→ TASK TO CARRY OUT:
Please return the lines below verbatim, beginning at the one that has "-58 l88 -3 -177" and stopping after the one that has "-48z m1517 66", and add no other lines.

→ EXTRACTED RECORDS:
▽
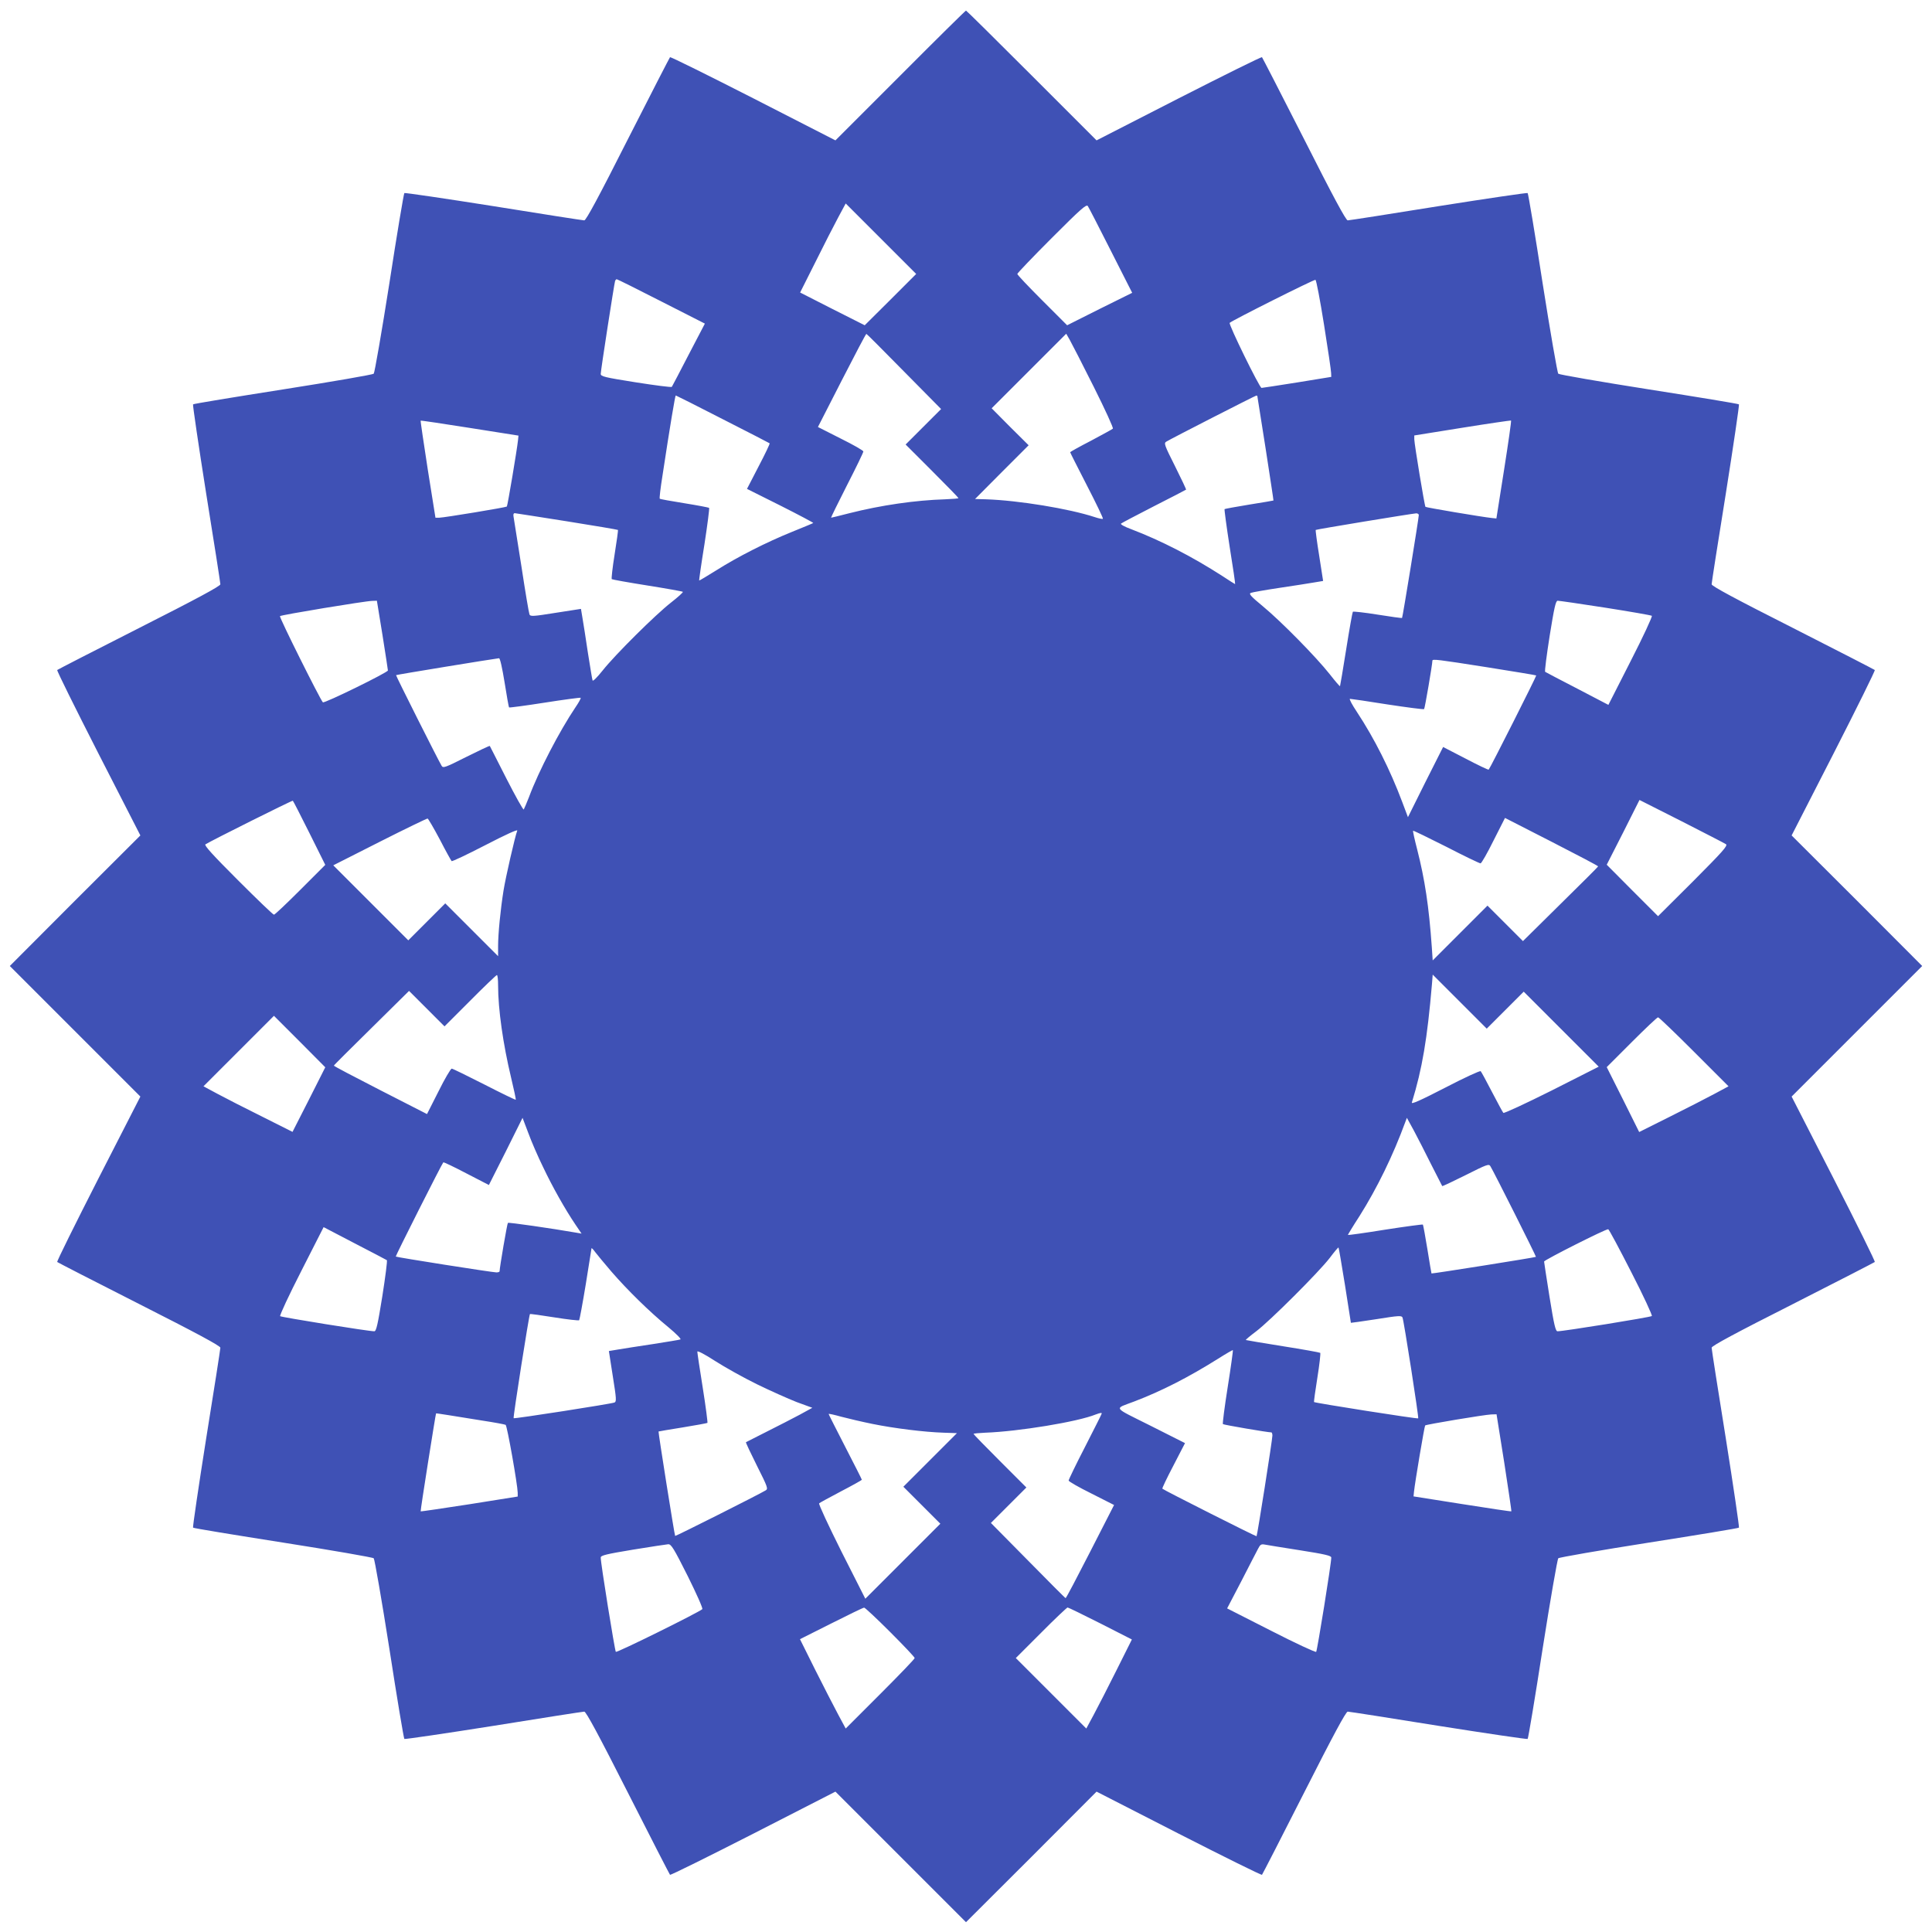 <?xml version="1.0" standalone="no"?>
<!DOCTYPE svg PUBLIC "-//W3C//DTD SVG 20010904//EN"
 "http://www.w3.org/TR/2001/REC-SVG-20010904/DTD/svg10.dtd">
<svg version="1.0" xmlns="http://www.w3.org/2000/svg"
 width="1280pt" height="1280pt" viewBox="0 0 1280 1280"
 preserveAspectRatio="xMidYMid meet">
<g transform="translate(0,1280) scale(0.1,-0.1)"
fill="#3f51b5" stroke="none">
<path d="M5965 12300 l-430 -430 -545 279 c-300 153 -548 276 -551 272 -3 -3
-129 -248 -279 -543 -192 -380 -277 -538 -289 -538 -9 0 -279 42 -601 94 -322
51 -588 90 -591 87 -4 -3 -49 -271 -99 -596 -51 -324 -98 -595 -104 -601 -6
-6 -276 -53 -601 -104 -324 -51 -593 -95 -596 -99 -3 -3 36 -269 87 -591 52
-322 94 -592 94 -601 0 -12 -158 -97 -537 -289 -296 -150 -541 -276 -544 -279
-4 -3 119 -251 272 -551 l279 -545 -433 -432 -432 -433 432 -432 433 -433
-279 -545 c-153 -300 -276 -548 -272 -551 3 -3 248 -129 544 -279 379 -192
537 -277 537 -289 0 -9 -42 -279 -94 -601 -51 -322 -90 -588 -87 -591 3 -4
272 -48 596 -99 325 -51 595 -98 601 -104 6 -6 53 -276 104 -601 50 -324 95
-593 99 -596 3 -3 269 36 591 87 322 52 592 94 601 94 12 0 97 -158 289 -537
150 -296 276 -541 279 -544 3 -4 251 119 551 272 l545 279 433 -433 432 -432
433 432 432 433 545 -279 c300 -153 548 -276 551 -272 3 3 129 248 279 544
192 379 277 537 289 537 9 0 279 -42 601 -94 322 -51 588 -90 591 -87 4 3 49
272 99 596 51 325 98 595 104 601 6 6 277 53 601 104 325 51 593 95 596 99 3
3 -36 269 -87 591 -52 322 -94 592 -94 601 0 12 158 97 538 289 295 150 540
276 543 279 4 3 -119 251 -272 551 l-279 545 433 433 432 432 -432 433 -433
432 279 545 c153 300 276 548 272 551 -3 3 -248 129 -543 279 -380 192 -538
277 -538 289 0 9 42 279 94 601 51 322 90 588 87 591 -3 4 -271 48 -596 99
-324 51 -595 98 -601 104 -6 6 -53 277 -104 601 -50 325 -95 593 -99 596 -3 3
-269 -36 -591 -87 -322 -52 -592 -94 -601 -94 -12 0 -97 158 -289 538 -150
295 -276 540 -279 543 -3 4 -251 -119 -551 -272 l-545 -279 -430 430 c-237
237 -432 430 -435 430 -3 0 -199 -193 -435 -430z m-65 -1485 l-171 -170 -214
108 -214 109 101 201 c55 111 123 244 151 296 l50 93 233 -233 234 -234 -170
-170z m1459 325 l142 -280 -216 -107 -215 -108 -165 165 c-91 91 -165 169
-165 175 0 5 102 112 228 238 193 193 229 225 239 212 6 -9 75 -142 152 -295z
m-2978 -337 l289 -147 -107 -205 c-58 -113 -109 -209 -112 -214 -4 -4 -111 10
-239 30 -208 33 -232 39 -232 56 0 22 89 596 95 615 2 6 7 12 11 12 4 0 137
-66 295 -147z m4391 -154 c26 -162 47 -306 47 -320 l1 -26 -227 -37 c-126 -20
-231 -36 -235 -36 -13 0 -220 422 -211 431 16 16 558 288 568 285 6 -1 31
-135 57 -297z m-2782 -311 l245 -248 -118 -118 -117 -117 175 -175 c96 -96
175 -177 175 -180 0 -3 -39 -6 -88 -8 -197 -6 -425 -39 -634 -92 -65 -17 -120
-30 -122 -30 -2 0 45 96 105 214 60 117 109 218 109 225 0 6 -68 45 -151 86
l-150 76 158 309 c87 170 160 309 163 308 3 0 115 -113 250 -250z m1257 -102
c74 -148 131 -272 126 -276 -4 -4 -70 -40 -145 -80 -76 -39 -138 -74 -138 -76
0 -3 50 -101 111 -220 61 -118 109 -218 106 -221 -3 -3 -27 2 -54 11 -170 56
-506 111 -721 118 l-72 2 177 178 178 178 -123 122 -122 123 247 247 247 247
24 -42 c13 -23 85 -163 159 -311z m-2459 -213 c169 -86 309 -158 311 -160 3
-2 -30 -71 -73 -153 l-77 -149 222 -111 c121 -61 219 -113 217 -115 -2 -2 -65
-28 -139 -58 -171 -69 -362 -166 -504 -256 -61 -38 -111 -68 -113 -67 -1 2 14
110 35 239 20 130 34 239 31 242 -3 3 -77 17 -164 31 -87 14 -161 27 -163 30
-3 3 5 71 18 152 51 336 84 532 88 532 2 0 142 -70 311 -157z m3542 154 c0 -2
25 -159 55 -348 29 -189 53 -344 52 -345 -1 -1 -73 -13 -160 -27 -87 -14 -161
-28 -164 -30 -2 -3 13 -116 34 -251 22 -135 38 -246 36 -246 -1 0 -40 24 -85
54 -197 127 -404 234 -606 311 -41 15 -70 31 -65 36 4 4 103 56 218 115 116
59 211 108 213 110 2 1 -31 71 -73 155 -71 141 -75 153 -58 163 32 20 588 304
596 305 4 0 7 -1 7 -2z m-4898 -293 c-7 -66 -69 -434 -74 -440 -7 -6 -412 -73
-448 -74 l-25 0 -51 320 c-27 176 -49 322 -47 323 1 2 148 -20 325 -48 l323
-51 -3 -30z m6533 -196 l-51 -323 -30 3 c-66 7 -434 69 -440 74 -6 7 -73 412
-74 448 l0 25 318 51 c174 28 320 49 323 48 3 -2 -18 -148 -46 -326z m-6208
-342 c183 -29 335 -55 337 -57 2 -2 -8 -75 -22 -162 -14 -87 -22 -160 -19
-164 4 -3 110 -22 236 -42 126 -20 232 -39 235 -42 3 -3 -31 -34 -77 -70 -103
-80 -373 -348 -455 -452 -36 -45 -64 -73 -66 -65 -3 7 -16 90 -31 183 -14 94
-30 197 -36 231 l-10 60 -167 -26 c-150 -24 -168 -25 -174 -11 -4 9 -28 151
-53 316 -26 165 -49 312 -52 328 -4 19 -1 27 8 27 8 -1 164 -25 346 -54z
m5643 42 c-1 -26 -107 -678 -111 -682 -2 -2 -75 8 -162 22 -87 14 -160 22
-164 19 -3 -4 -23 -115 -44 -248 -21 -133 -40 -243 -41 -245 -2 -2 -33 34 -68
79 -89 113 -324 352 -443 450 -81 67 -95 83 -80 89 10 4 95 19 188 33 94 14
197 30 231 36 l60 10 -26 167 c-15 92 -25 169 -23 171 3 4 629 107 666 110 9
0 17 -5 17 -11z m-6866 -795 c20 -126 36 -231 36 -235 0 -13 -422 -220 -431
-211 -18 19 -291 565 -284 571 7 8 563 100 611 101 l31 1 37 -227z m8101 181
c165 -26 304 -50 309 -54 4 -5 -58 -139 -140 -299 l-148 -291 -205 107 c-113
58 -209 109 -214 112 -4 4 10 111 30 239 30 186 40 232 53 232 8 0 150 -20
315 -46z m-7292 -495 c14 -88 27 -163 30 -166 3 -2 110 12 237 32 127 20 234
34 237 32 3 -3 -13 -32 -35 -64 -105 -156 -243 -421 -307 -593 -16 -41 -32
-78 -35 -83 -4 -4 -55 88 -115 205 -59 117 -109 214 -110 216 -2 2 -72 -31
-156 -73 -141 -71 -153 -75 -163 -59 -25 42 -305 599 -302 601 2 3 651 109
682 112 7 1 21 -62 37 -160z m6511 100 c176 -28 322 -52 324 -54 3 -3 -304
-612 -315 -624 -2 -3 -71 30 -153 73 l-149 77 -117 -232 -116 -233 -38 101
c-80 213 -184 420 -300 596 -32 48 -53 87 -46 87 6 0 118 -16 248 -37 131 -20
240 -34 243 -31 5 4 55 297 55 321 0 12 34 8 364 -44z m-7804 -1098 l105 -211
-165 -165 c-91 -91 -169 -165 -175 -165 -6 0 -113 103 -239 229 -168 168 -225
231 -215 237 42 26 574 292 579 289 3 -2 52 -98 110 -214z m9385 -74 c13 -10
-20 -47 -217 -245 l-233 -232 -170 170 -170 171 109 214 108 215 279 -141
c153 -78 285 -146 294 -152z m-8521 31 c39 -76 75 -140 78 -143 3 -4 104 44
224 106 139 72 215 106 211 96 -15 -39 -77 -309 -91 -397 -20 -125 -36 -286
-36 -368 l0 -67 -175 175 -175 175 -123 -123 -122 -122 -249 249 -248 248 308
156 c170 86 313 155 317 154 5 -2 41 -64 81 -139z m7674 -178 c0 -3 -113 -115
-250 -250 l-248 -245 -118 118 -117 117 -181 -181 -182 -182 -6 89 c-19 269
-46 447 -97 647 -17 65 -29 120 -27 123 3 2 101 -46 220 -106 118 -61 220
-110 227 -110 6 0 45 68 86 151 l76 150 309 -158 c170 -87 309 -160 308 -163z
m-7288 -789 c0 -158 33 -389 86 -610 19 -79 33 -145 31 -147 -2 -2 -95 43
-208 101 -112 57 -210 105 -216 105 -7 0 -47 -68 -88 -151 l-76 -150 -309 158
c-170 87 -309 160 -308 163 0 3 113 115 250 250 l248 245 118 -118 117 -117
170 170 c93 94 173 170 177 170 5 0 8 -31 8 -69z m6673 -163 l122 122 249
-249 248 -248 -312 -158 c-172 -86 -316 -153 -320 -148 -4 4 -38 67 -75 138
-37 72 -71 134 -75 138 -4 5 -110 -44 -235 -109 -169 -87 -226 -112 -221 -98
69 224 102 422 133 783 l5 64 179 -179 179 -179 123 123z m-7926 -593 l-109
-214 -201 101 c-111 55 -244 123 -296 151 l-93 50 233 233 234 234 170 -170
170 -171 -108 -214z m9177 316 l228 -228 -93 -50 c-52 -28 -185 -96 -297 -152
l-202 -101 -107 215 -108 215 165 165 c91 91 169 165 175 165 6 0 113 -103
239 -229z m-7626 -763 c62 -131 146 -280 215 -382 l40 -59 -34 6 c-167 29
-450 70 -454 65 -5 -4 -55 -296 -55 -320 0 -5 -10 -8 -21 -8 -26 0 -662 100
-667 105 -3 3 304 612 315 624 2 3 71 -30 153 -73 l149 -77 112 222 111 223
38 -100 c20 -55 64 -157 98 -226z m5884 17 c39 -77 72 -141 73 -143 2 -2 72
31 156 73 141 71 153 75 163 59 25 -41 305 -599 302 -601 -3 -4 -690 -113
-692 -110 -1 1 -13 73 -27 160 -14 87 -28 161 -30 164 -3 2 -116 -13 -251 -34
-135 -22 -246 -37 -246 -35 0 2 34 59 77 125 116 184 223 403 303 622 l11 29
46 -84 c25 -47 77 -148 115 -225z m-6919 -634 c4 -4 -10 -111 -30 -239 -30
-186 -40 -232 -53 -232 -34 -1 -616 93 -624 100 -4 5 58 139 140 299 l148 291
205 -107 c113 -58 209 -109 214 -112z m8245 -80 c80 -155 140 -286 136 -290
-8 -8 -590 -102 -625 -101 -13 0 -23 41 -53 228 -20 125 -36 230 -36 234 0 10
412 218 425 214 5 -1 74 -130 153 -285z m-1897 -86 c21 -136 39 -248 39 -249
0 -1 75 10 168 24 150 24 168 25 174 11 9 -21 109 -663 104 -668 -5 -5 -684
102 -690 108 -2 2 8 75 22 162 14 87 22 160 19 164 -4 3 -115 23 -248 44 -133
21 -243 40 -245 41 -2 2 29 28 69 58 90 68 414 391 487 486 30 40 56 71 58 69
2 -2 21 -114 43 -250z m-4860 90 c105 -121 251 -265 377 -368 53 -44 87 -79
80 -81 -7 -3 -89 -16 -183 -31 -93 -14 -197 -30 -231 -36 l-60 -10 26 -167
c24 -150 25 -168 11 -174 -21 -9 -663 -109 -668 -104 -5 5 102 684 108 690 2
2 75 -8 162 -22 87 -14 160 -22 164 -19 3 4 23 111 44 239 20 128 38 235 38
238 1 3 12 -8 24 -25 12 -16 61 -75 108 -130z m964 -746 c88 -43 207 -96 263
-118 l104 -38 -84 -46 c-45 -24 -144 -75 -218 -112 -74 -37 -136 -69 -138 -70
-2 -2 31 -72 73 -156 71 -141 75 -153 58 -163 -44 -27 -597 -305 -600 -302 -4
3 -113 690 -110 692 1 1 73 13 160 27 87 14 161 28 164 30 2 3 -11 107 -31
232 -20 124 -36 232 -36 240 0 8 47 -16 118 -62 64 -41 189 -111 277 -154z
m3119 -18 c-21 -132 -35 -243 -32 -246 4 -5 297 -55 321 -55 4 0 7 -10 7 -21
0 -26 -100 -662 -105 -667 -3 -3 -612 304 -624 315 -3 2 30 71 73 153 l77 149
-228 115 c-257 129 -244 109 -108 161 181 69 359 160 555 283 52 33 97 59 98
57 2 -2 -13 -112 -34 -244z m-4937 -223 c79 -12 148 -25 153 -28 10 -6 79
-396 80 -450 l0 -25 -320 -51 c-176 -27 -322 -49 -323 -47 -3 2 99 645 102
649 1 1 38 -5 84 -12 45 -7 146 -23 224 -36z m2584 -22 c143 -29 342 -54 471
-58 l88 -3 -177 -177 -178 -178 123 -123 122 -122 -249 -249 -248 -248 -158
312 c-86 172 -153 316 -148 320 4 4 70 40 146 80 75 39 137 74 137 76 0 3 -49
100 -110 218 -60 117 -110 215 -110 218 0 3 37 -5 83 -18 45 -12 139 -34 208
-48z m1517 66 c-1 -5 -51 -103 -110 -219 -60 -116 -108 -216 -108 -222 0 -6
68 -45 151 -86 l150 -76 -158 -309 c-87 -170 -160 -309 -163 -308 -3 0 -115
113 -250 250 l-245 248 118 118 117 117 -175 175 c-96 96 -175 177 -175 180 0
3 35 6 78 8 220 8 612 72 732 121 32 12 43 13 38 3z m2668 -322 c27 -176 49
-322 47 -323 -1 -2 -148 20 -325 48 l-323 51 3 30 c7 67 69 434 74 440 8 7
392 71 438 73 l35 1 51 -320z m-5410 -751 c58 -117 102 -215 97 -220 -22 -21
-566 -290 -573 -283 -7 9 -101 591 -100 625 0 14 38 23 213 52 116 19 222 35
234 36 20 1 37 -27 129 -210z m4057 170 c166 -26 207 -36 207 -48 1 -35 -93
-617 -100 -625 -5 -4 -139 58 -299 140 l-291 148 94 180 c51 100 101 196 111
215 14 28 21 32 43 28 15 -3 120 -20 235 -38z m-2716 -541 c90 -90 163 -167
163 -173 0 -6 -103 -113 -229 -239 l-228 -228 -50 93 c-28 52 -96 185 -152
296 l-101 203 207 104 c115 58 212 105 218 105 5 1 83 -72 172 -161z m1394 56
l208 -106 -101 -202 c-55 -110 -123 -243 -151 -295 l-50 -93 -233 233 -234
234 167 167 c92 93 172 168 176 168 5 0 103 -48 218 -106z"/>
</g>
</svg>
△
→ COMPLETED EXERCISE:
-58 l88 -3 -177 -177 -178 -178 123 -123 122 -122 -249 -249 -248 -248 -158
312 c-86 172 -153 316 -148 320 4 4 70 40 146 80 75 39 137 74 137 76 0 3 -49
100 -110 218 -60 117 -110 215 -110 218 0 3 37 -5 83 -18 45 -12 139 -34 208
-48z m1517 66 c-1 -5 -51 -103 -110 -219 -60 -116 -108 -216 -108 -222 0 -6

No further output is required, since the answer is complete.